“Memorandum Itself Indicates Registration”: Calcutta HC Sets Aside Trial Court Decision in Partnership Dispute, Directs Defendant to Pay Rs. 24.36 Lakh with Interest
- Post By 24law
- March 21, 2025

Safiya Malik
The Division Bench of the Calcutta High Court, comprising Justice Sabyasachi Bhattacharyya and Justice Uday Kumar, adjudicated on an appeal against the dismissal of a money suit involving a contractual payment dispute. The case cantered around the rejection of claims made by the plaintiff regarding dues for goods supplied to the defendant company.
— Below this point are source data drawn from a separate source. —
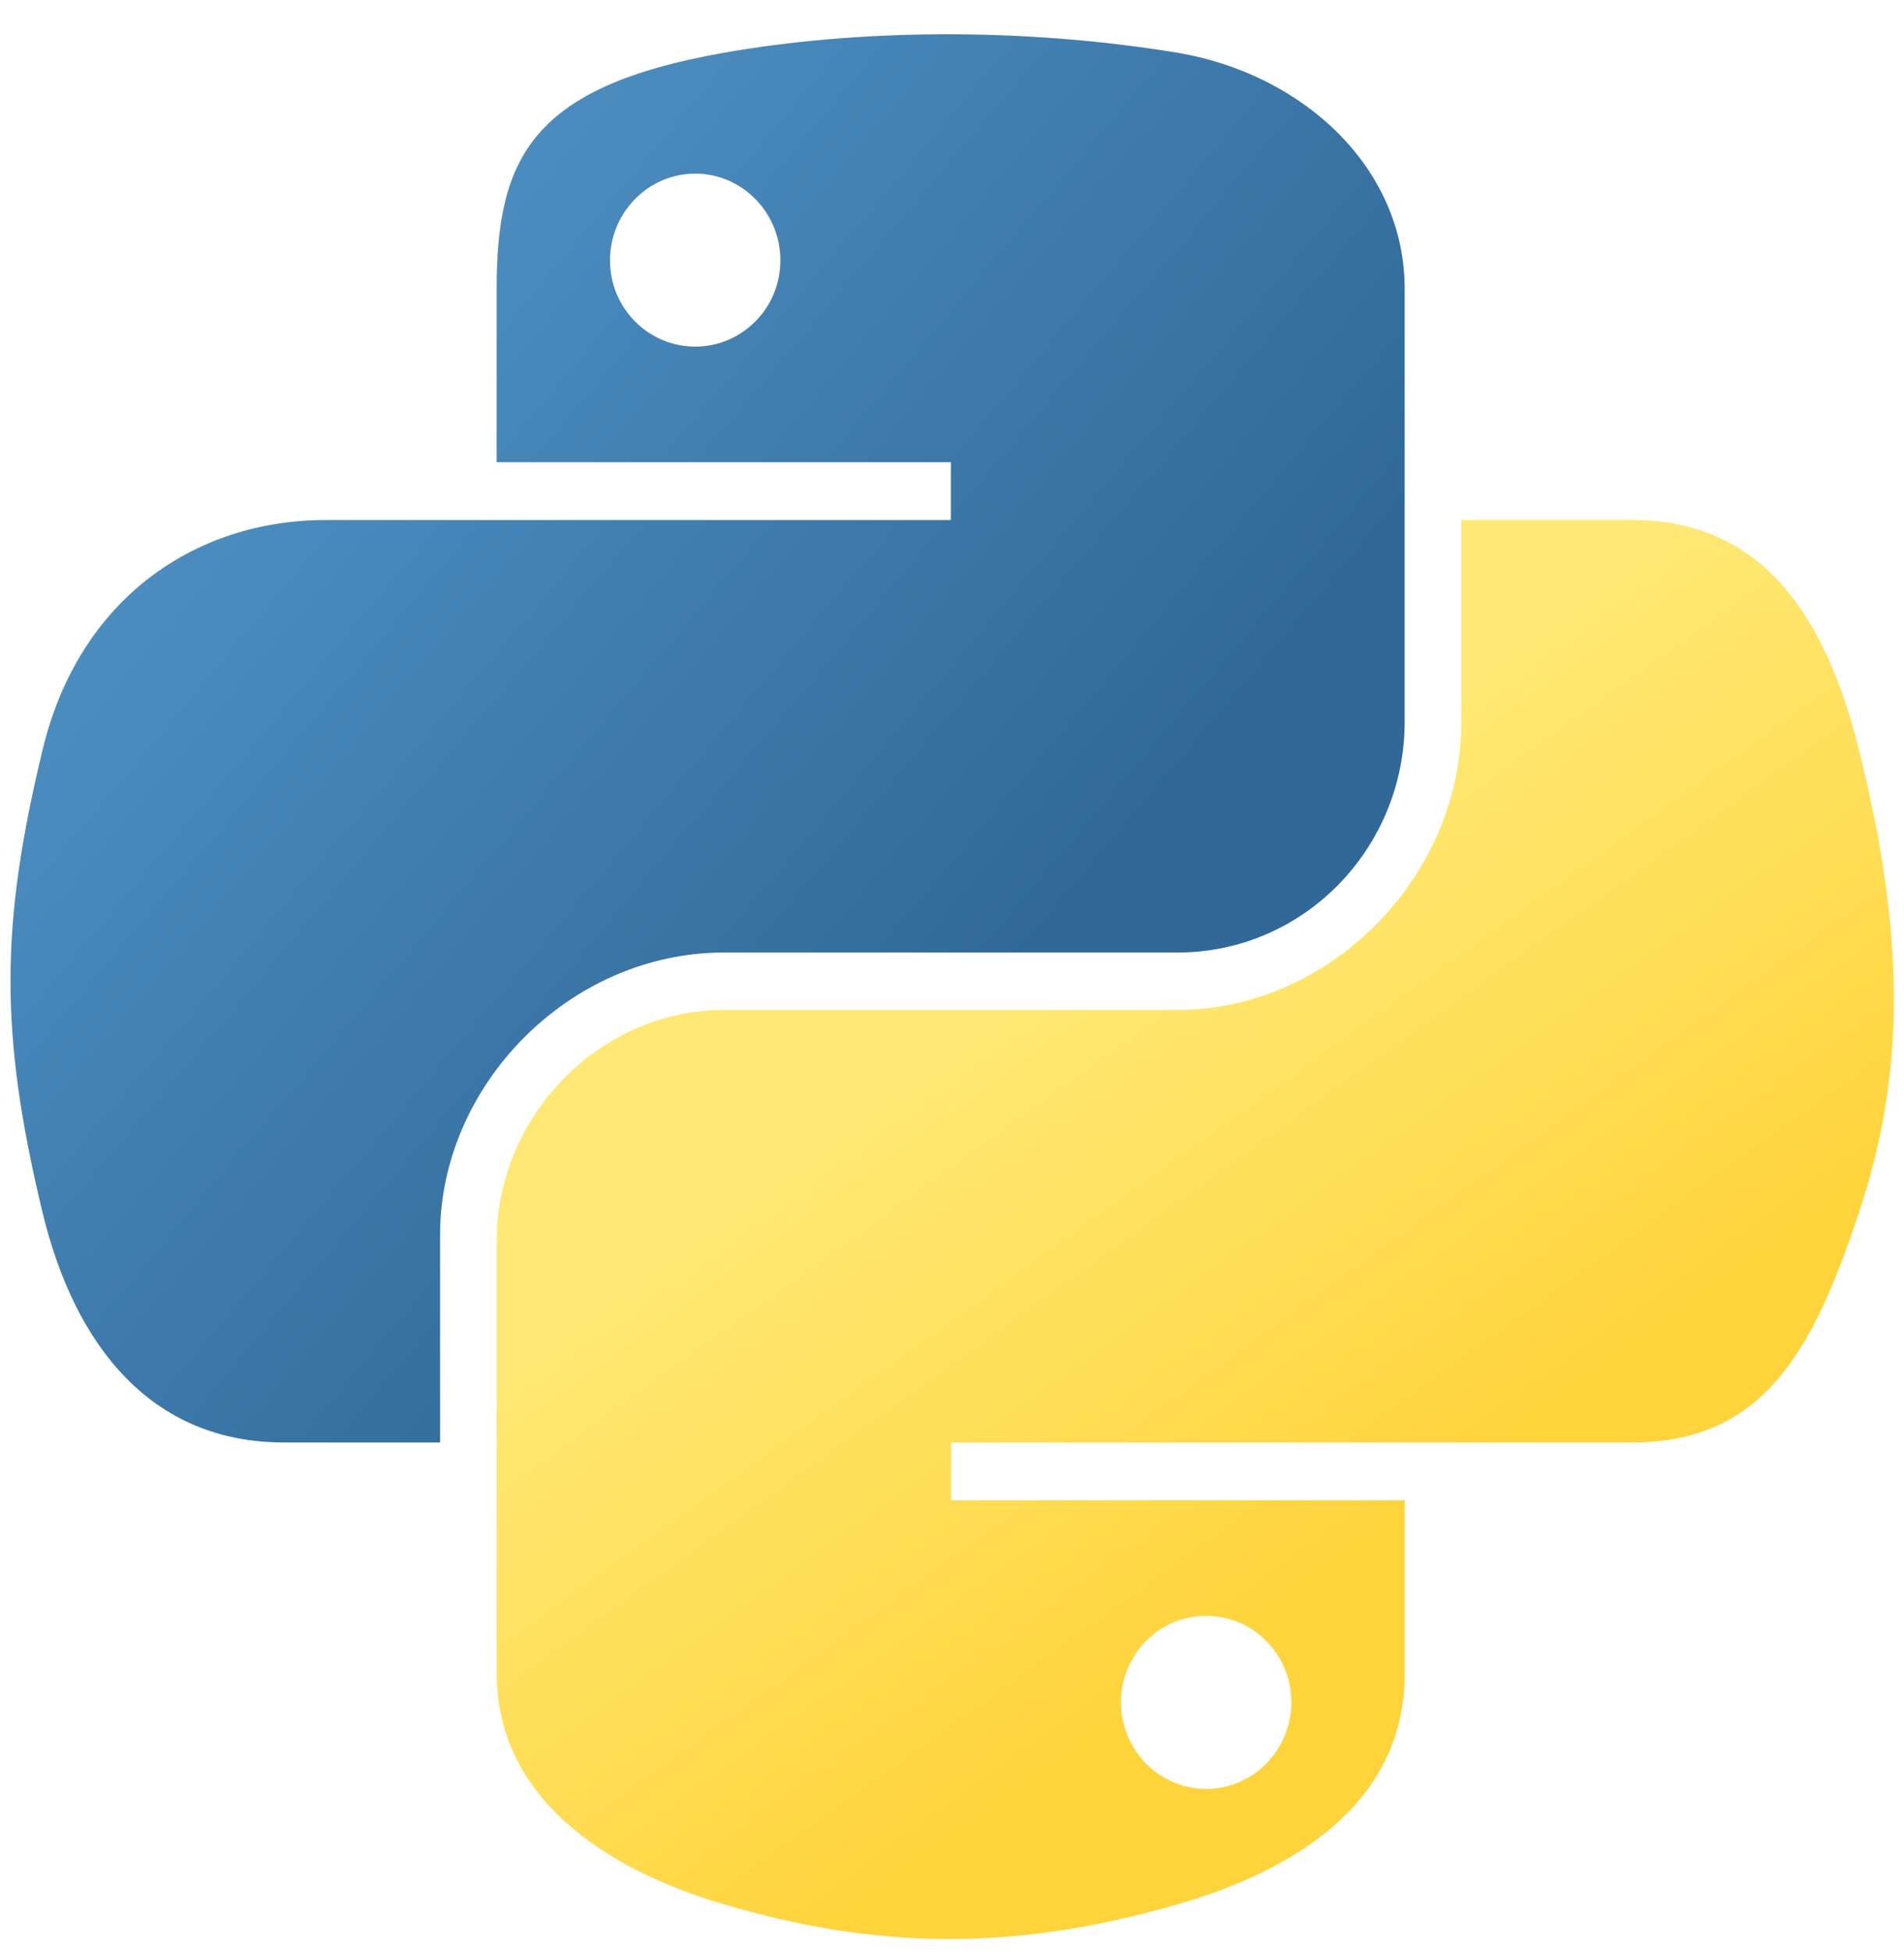 <svg width="40" height="41" viewBox="0 0 40 41" fill="none" xmlns="http://www.w3.org/2000/svg">
<g clip-path="url(#clip0_418_17902)">
<path d="M19.766 0.72C18.136 0.727 16.577 0.866 15.207 1.108C11.167 1.82 10.434 3.315 10.434 6.069V9.707H19.976V10.92H6.853C4.081 10.92 1.65 12.586 0.892 15.757C0.017 19.391 -0.023 21.661 0.892 25.455C1.572 28.281 3.191 30.292 5.964 30.292H9.245V25.932C9.245 22.782 11.971 20.003 15.207 20.003H24.738C27.389 20.003 29.51 17.818 29.51 15.155V6.069C29.51 3.482 27.329 1.542 24.738 1.108C23.097 0.837 21.396 0.713 19.766 0.72ZM14.605 3.646C15.591 3.646 16.395 4.464 16.395 5.468C16.395 6.471 15.591 7.279 14.605 7.279C13.616 7.279 12.815 6.468 12.815 5.468C12.815 4.468 13.616 3.646 14.605 3.646Z" fill="url(#paint0_linear_418_17902)"/>
<path d="M30.7 10.92V15.159C30.7 18.444 27.913 21.21 24.738 21.21H15.207C12.595 21.21 10.435 23.445 10.435 26.057V35.143C10.435 37.731 12.684 39.25 15.207 39.991C18.229 40.88 21.126 41.041 24.738 39.991C27.141 39.297 29.511 37.894 29.511 35.143V31.506H19.98V30.292H34.284C37.056 30.292 38.092 28.356 39.056 25.456C40.053 22.466 40.01 19.59 39.056 15.757C38.369 12.995 37.063 10.92 34.284 10.92H30.703H30.7ZM25.34 33.933C26.329 33.933 27.13 34.745 27.13 35.745C27.13 36.745 26.329 37.567 25.34 37.567C24.35 37.567 23.55 36.748 23.55 35.745C23.55 34.741 24.354 33.933 25.34 33.933Z" fill="url(#paint1_linear_418_17902)"/>
</g>
<defs>
<linearGradient id="paint0_linear_418_17902" x1="-0.878" y1="1.884" x2="21.177" y2="20.527" gradientUnits="userSpaceOnUse">
<stop stop-color="#5A9FD4"/>
<stop offset="1" stop-color="#306998"/>
</linearGradient>
<linearGradient id="paint1_linear_418_17902" x1="29.25" y1="32.43" x2="21.307" y2="21.389" gradientUnits="userSpaceOnUse">
<stop stop-color="#FFD43B"/>
<stop offset="1" stop-color="#FFE873"/>
</linearGradient>
<clipPath id="clip0_418_17902">
<rect width="39.562" height="40" fill="white" transform="translate(0.22 0.72)"/>
</clipPath>
</defs>
</svg>

The appellate court set aside the trial court’s judgement, directing the respondent to pay the decretal amount with interest.
The plaintiff initiated a money suit claiming dues from the defendant company for goods supplied. The trial court dismissed the suit, citing that the plaintiff, a partnership firm, was unregistered at the time of filing, thus rendering the suit barred under Section 69(2) of the Indian Partnership Act, 1932. The plaintiff appealed, presenting documentary evidence to substantiate its registration before instituting the suit.
The appellant’s counsel argued that the trial court had erroneously disregarded Exhibit-8, a memorandum of registration, which confirmed the firm's registration before the suit was filed. The appellant also contended that additional certified documents from the Registrar of Firms should be considered under Order XLI Rule 27 of the Code of Civil Procedure (CPC), permitting production of new evidence at the appellate stage.
The respondent countered that the plaintiff's registration evidence was insufficient and that the suit was time-barred as transactions occurred between 2005 and 2007 while the suit was filed in 2011. Further, the respondent argued that the appellant failed to produce a partnership deed, casting doubts on the firm’s legal standing.
Additional disputes arose over the validity of the defendant’s written statement, as it was signed by a director without express authorization or the company’s seal. The appellant asserted that this defect nullified the defendant’s pleadings.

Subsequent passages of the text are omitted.